Ignoring the pathological case of that template, references are usually the heaviest for transclusion content in general on en.wp. Today, the citation templates output the visible page data, the HTML markup, one TemplateStyles sheet (deduplicated currently, of course), and finally a COINS representation of the data (for ease of use in Zotero, among other consumers). When you have N_ref > 500 or so, you start getting into the realm of "this page is both big in content and in referencing" which is a double whammy (and which usually indicates some level approaching completion. or approaching chaos and disorganized topic areas. one of the two :^). There are some ways to work around this for 'older' topics which may rely more on book referencing with both its existing-today workarounds available in templates like [[Template:Sfn]], as well as the forthcoming book referencing in the Cite extension, but topics in the news have many more references that can't be dealt with except by including a lot of references to news sources, which rarely have much citation overlap. (And sometimes you just have large, complex topics like World War II, which even given a plethora of shortened citations inside the references tag-proper has another 250 cite book templates.)

Oftentimes wikis will turn to less-templated options rather than split articles to 'fit' stuff onto some number of pages. This is categorically something we prefer not to occur, for obvious reasons. Sometimes this is a shift to native wikitext from templated text (i.e. {{reflist}} versus <references/> -> people do still use the former since it still has output options unavailable to the native construct; or, taking table row templates and turning them into normal wikitext tables -- almost required on any large table, even though it would be nice to have cross-article consistency in appearance as well as ensuring things like proper accessibility).

Wikisource has a use case that doesn't have a good workaround, which relies on transclusion to provide "All-book" book webpages (such as https://en.wikisource.org/wiki/A_History_of_the_Theories_of_Aether_and_Electricity/FullText ); Wikisource even requested relief on the transclusion limit at a CommTech survey.

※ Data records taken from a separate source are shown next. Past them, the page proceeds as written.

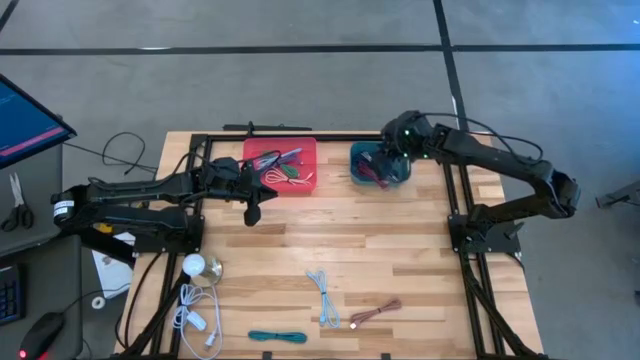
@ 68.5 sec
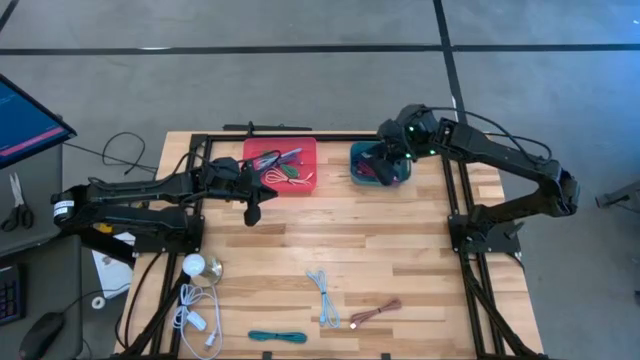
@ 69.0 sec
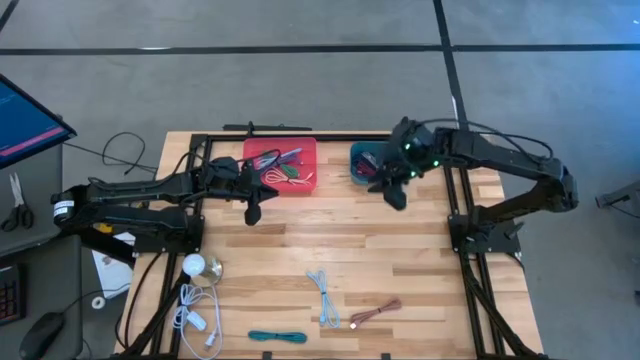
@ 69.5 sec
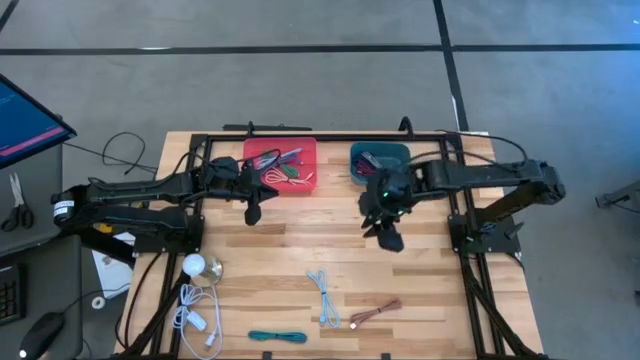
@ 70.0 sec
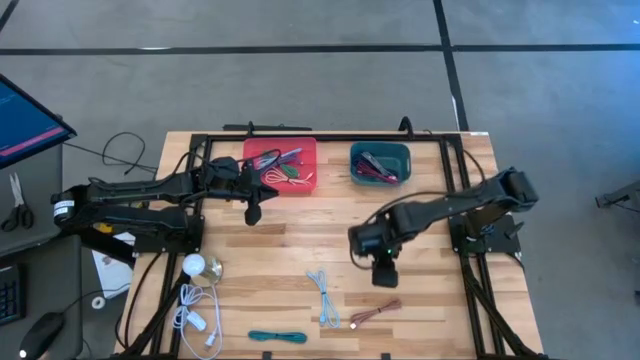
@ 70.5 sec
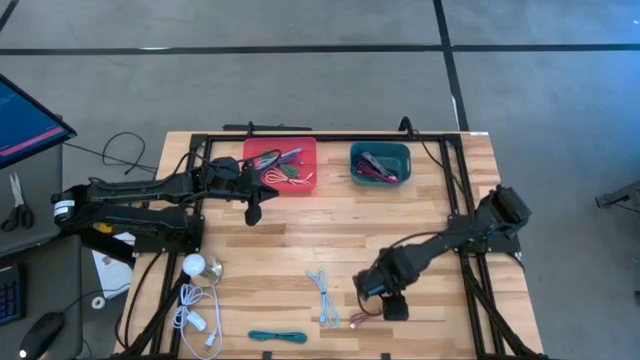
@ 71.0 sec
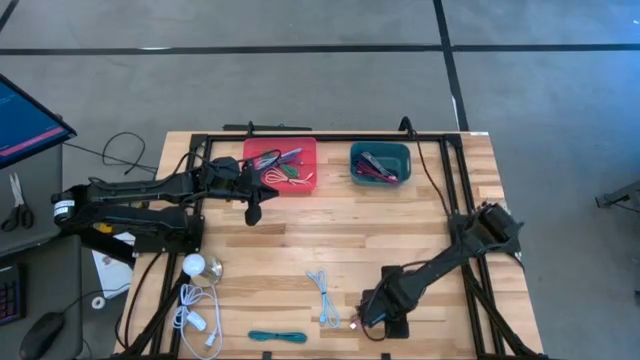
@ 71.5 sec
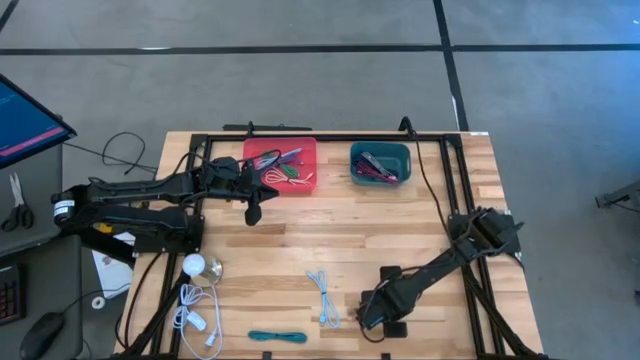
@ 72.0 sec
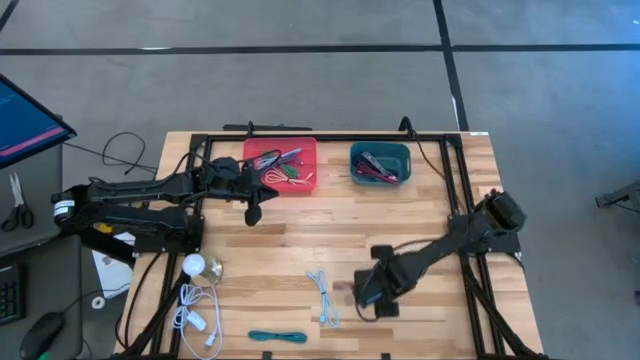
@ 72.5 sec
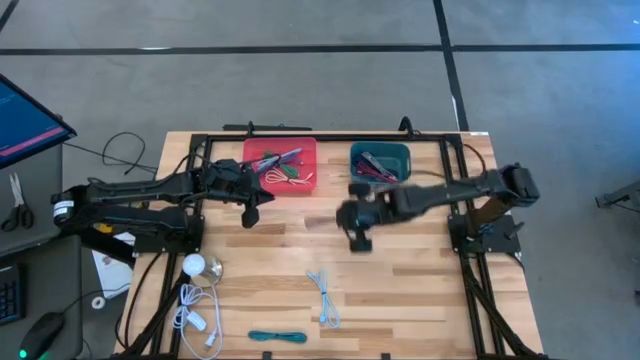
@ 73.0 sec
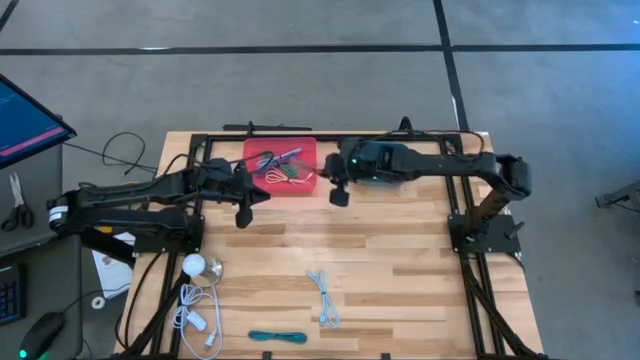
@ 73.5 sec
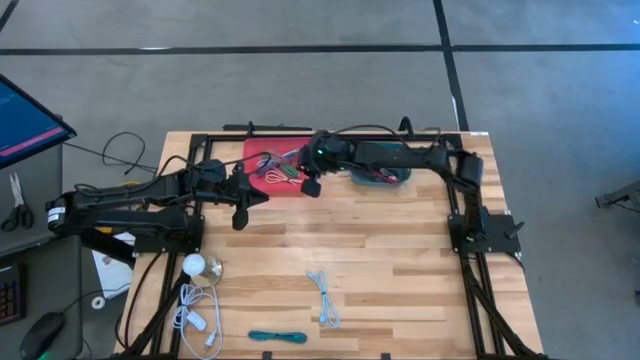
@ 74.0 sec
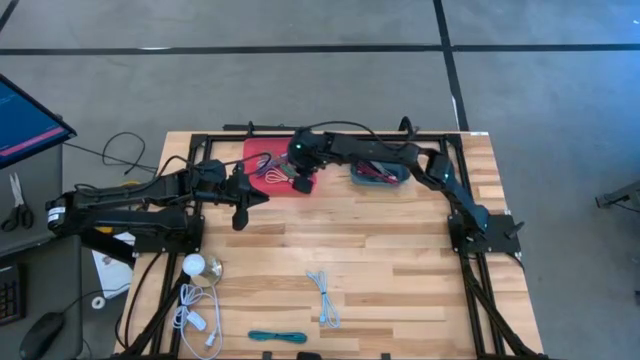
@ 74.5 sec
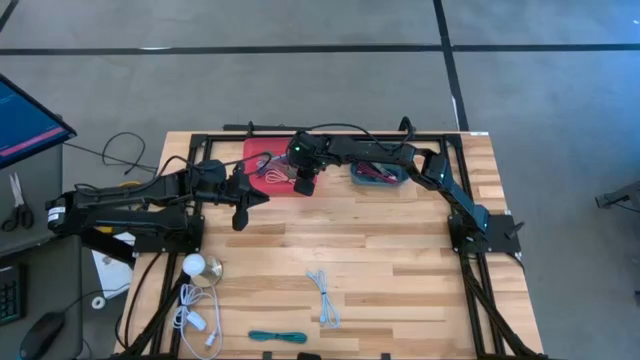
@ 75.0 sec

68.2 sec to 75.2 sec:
Put the brown charger cable into the red bin

En.wp has some of those "all" pages but for the most part they are little-accessed, like WP:VPALL, precisely due to the transclusion size limit breaking half or more of the content. Contrasting, this has limited the utility of some community pages like WP:AFD and [[WP:FAC]] into not transcluding all of the currently-open nominations for deletion, which are regularly accessed.) I guess these limits have shaped other parts of the wiki, like having complete lists of content be split up alphabetically i.e. there is not single "list of video games". (There are reasonable arguments for/against the notion.)

Tables are usually the next problem child, and a lot of the time both for the overlap with the above (sometimes tables are implemented as table row templates but regardless they almost always have at least one reference per row). Tables are moreover a heavy structure in most cases to deal with both in parsing and in memory use I would expect given their usual length and the quantity of HTML associated with a table (contrast with a list using list markup and some commas). Special:LongPages is majority lists and tables... While we have at least one policy (WP:SIZE) hanging around for "make pages smaller than Arbitrary Self-Imposed Limit", sometimes there's just no reasonable split that meets our page inclusion objectives outlined in WP:NOTABILITY and other policies/guidelines. Of course LongPages tracks pages by wikitext count; it would be cool to see "longest pages by HTML output and/or heaviest pages including templates, styling, and images" if not onwiki than in some other perhaps-Toolforge tool for tracking such on each wiki. (I expect you'll end up generating something interesting in that direction regardless to answer these questions.)

Navboxes are kind of both issues but aren't really talked to.

I imagine if we made greater Wikidata use (e.g. providing a full taxonomy in [[Template:Taxobox]] provided by Wikidata Wikidata), expensive parser function calls would increase or trip the threshold, or if someone should come along and be able to embed some limited SQL-like system to access Wikidata that lists would get long and hard to access, but those are future needs I suppose.

A lot of this probably points to "native utilities implemented in PHP or in a C extension in wikitext form would help a lot", but that has its own issues both community side (not per se NIMBY but definitely "we need more utility than what you put in this wikitext you have invented for us"... as well as quickly diminishing returns since en.wp has the largest pages in general) as well as WMF side (you employ how many people to make software? oh yes, never enough :).

I am certainly not arguing for an increase in that particular limit myself--people will find ways to fill the available space, whether this limit or another. I mostly anticipate that these pages are the ones you can look to first and say "how do we do?" from a real-world perspective. Which I would definitely recommend taking on as such first, at least for en.wp.

Sorry for the short work on this. :^)